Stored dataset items
┌──

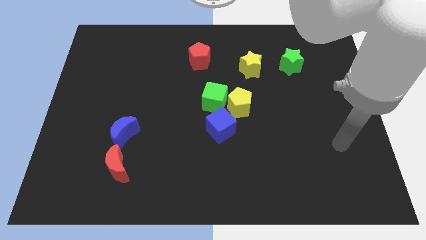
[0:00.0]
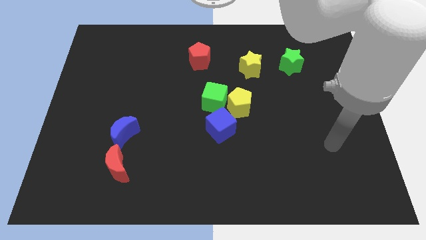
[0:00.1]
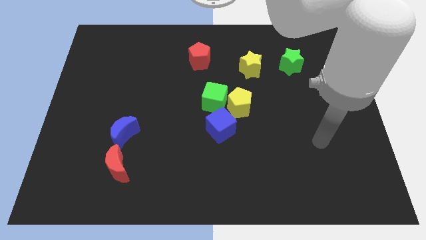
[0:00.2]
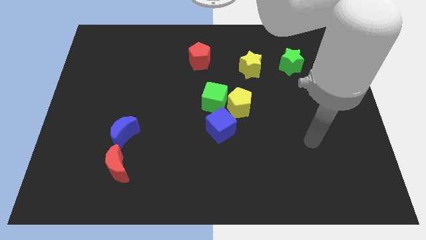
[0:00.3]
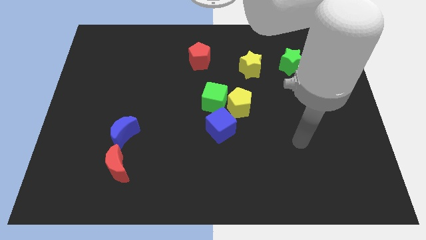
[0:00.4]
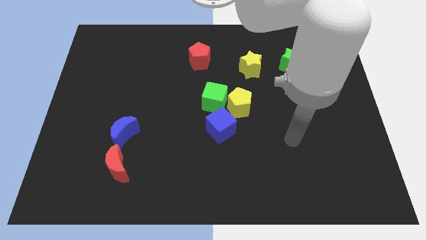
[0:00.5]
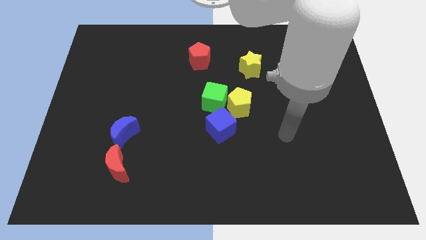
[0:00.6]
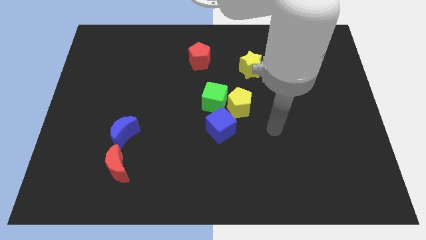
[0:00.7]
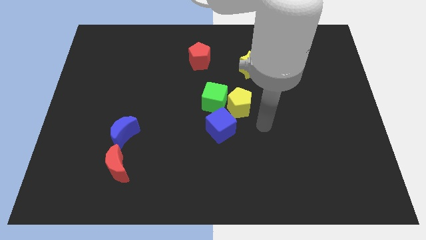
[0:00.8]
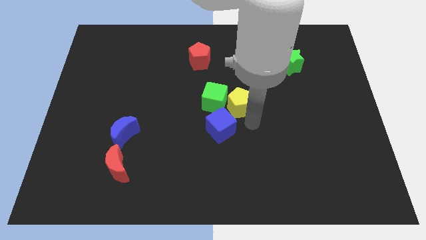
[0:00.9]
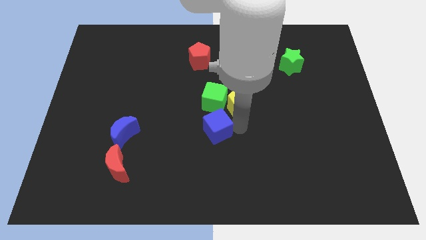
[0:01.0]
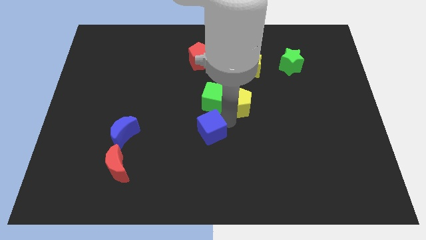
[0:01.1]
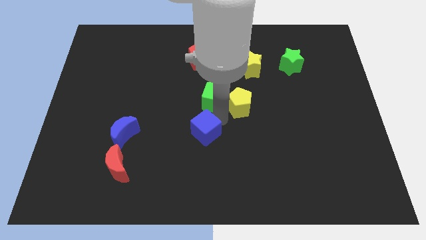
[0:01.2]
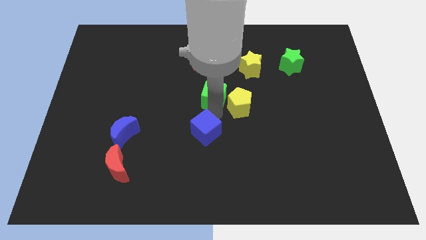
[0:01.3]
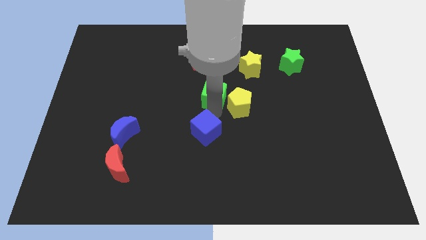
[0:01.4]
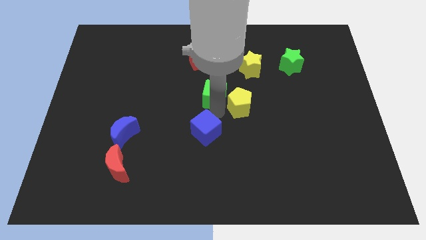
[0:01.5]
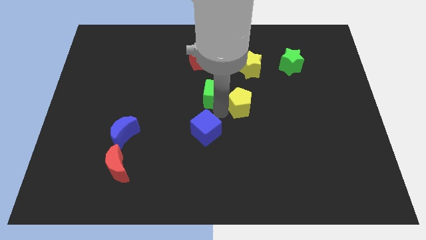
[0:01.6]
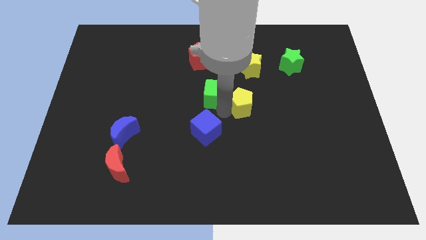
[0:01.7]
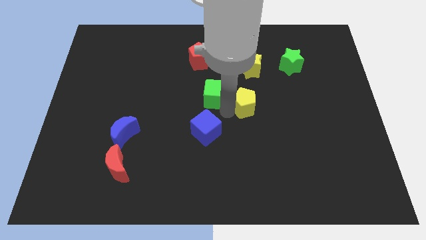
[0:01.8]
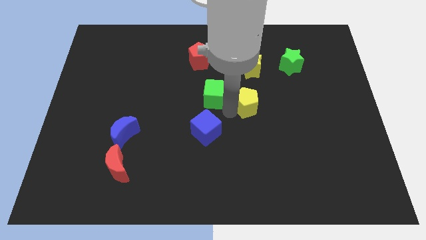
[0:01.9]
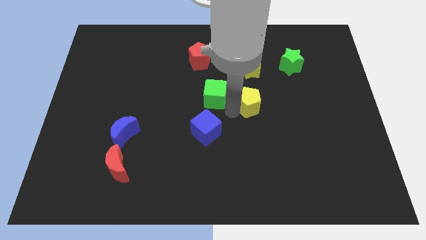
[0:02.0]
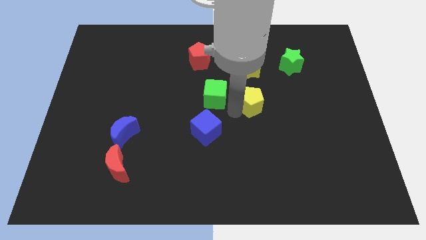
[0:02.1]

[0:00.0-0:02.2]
move the yellow pentagon away from the green cube and blue cube

└──

WHAT YOU HAVE TO DO - Your reply should consist of the data, transcribed exactly, and should hold no pictures.

ANSWER AREA -
[0:00.0]
[0:00.1]
[0:00.2]
[0:00.3]
[0:00.4]
[0:00.5]
[0:00.6]
[0:00.7]
[0:00.8]
[0:00.9]
[0:01.0]
[0:01.1]
[0:01.2]
[0:01.3]
[0:01.4]
[0:01.5]
[0:01.6]
[0:01.7]
[0:01.8]
[0:01.9]
[0:02.0]
[0:02.1]

[0:00.0-0:02.2]
move the yellow pentagon away from the green cube and blue cube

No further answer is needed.